▶ **Task description**
What you produce should be the lines from the line containing "Character: 𠅭" through the last line below, both ends included, reproduced exactly and without pictures.

[Entries taken from a collection]
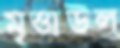
মৃত্তাউল
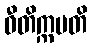
ဝီတိက္ကမတိ
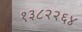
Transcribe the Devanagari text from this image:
१३८२२६४
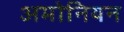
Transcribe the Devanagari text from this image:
अमोनियन
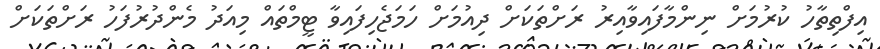
އިފްތިތާހު ކުރުމަށް ނިންމާފައިވާއިރު ރަށްތަކަށް ދިއުމަށް ހަމަޖެހިފައިވާ ޓީމްތައް މިއަދު މެންދުރުފަހު ރަށްތަކަށް
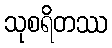
သုစရိတဿ
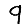
Digit: 9
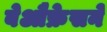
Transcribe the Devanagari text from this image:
बेऔफ्रेसने
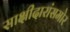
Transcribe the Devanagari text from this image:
साक्षीदारांसमोर
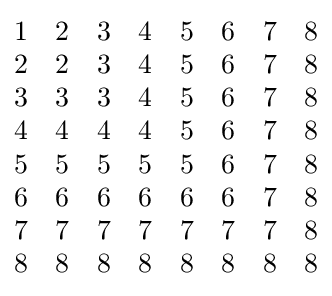
{\begin{matrix}1&2&3&4&5&6&7&8\\2&2&3&4&5&6&7&8\\3&3&3&4&5&6&7&8\\4&4&4&4&5&6&7&8\\5&5&5&5&5&6&7&8\\6&6&6&6&6&6&7&8\\7&7&7&7&7&7&7&8\\8&8&8&8&8&8&8&8\end{matrix}}
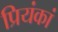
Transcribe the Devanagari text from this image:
प्रियंकां
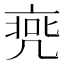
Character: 𠅭
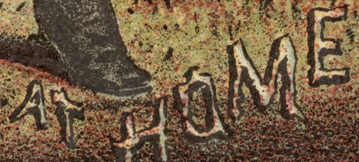
AT HUME
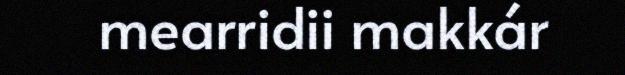
mearridii makkár
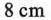
8cm
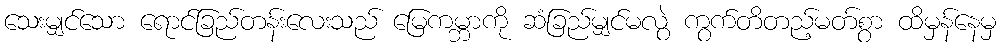
သေးမျှင်သော ရောင်ခြည်တန်းလေးသည် မြေကမ္ဘာကို ဆံခြည်မျှင်မလွဲ ကွက်တိတည့်မတ်စွာ ထိမှန်နေမှ
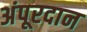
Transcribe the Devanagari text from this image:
अंपूरदान
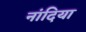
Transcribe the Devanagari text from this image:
नांदिया
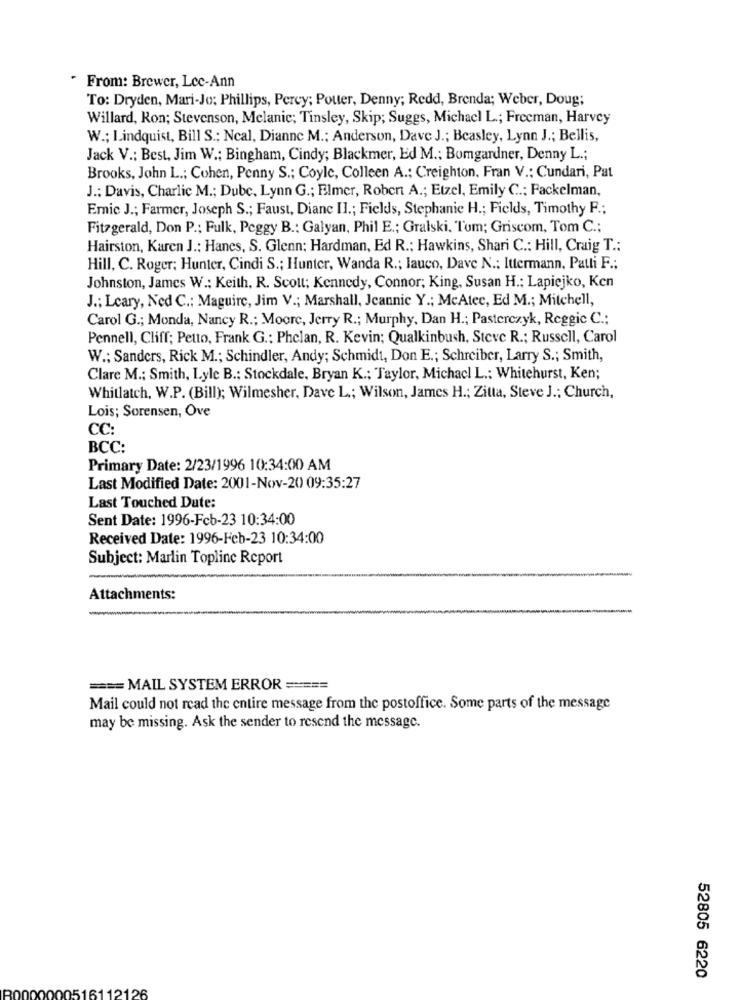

▶ **Problem solution**
Character: 𠅭
AT HUME
mearridii makkár
8cm
သေးမျှင်သော ရောင်ခြည်တန်းလေးသည် မြေကမ္ဘာကို ဆံခြည်မျှင်မလွဲ ကွက်တိတည့်မတ်စွာ ထိမှန်နေမှ
Transcribe the Devanagari text from this image:
अंपूरदान
Transcribe the Devanagari text from this image:
नांदिया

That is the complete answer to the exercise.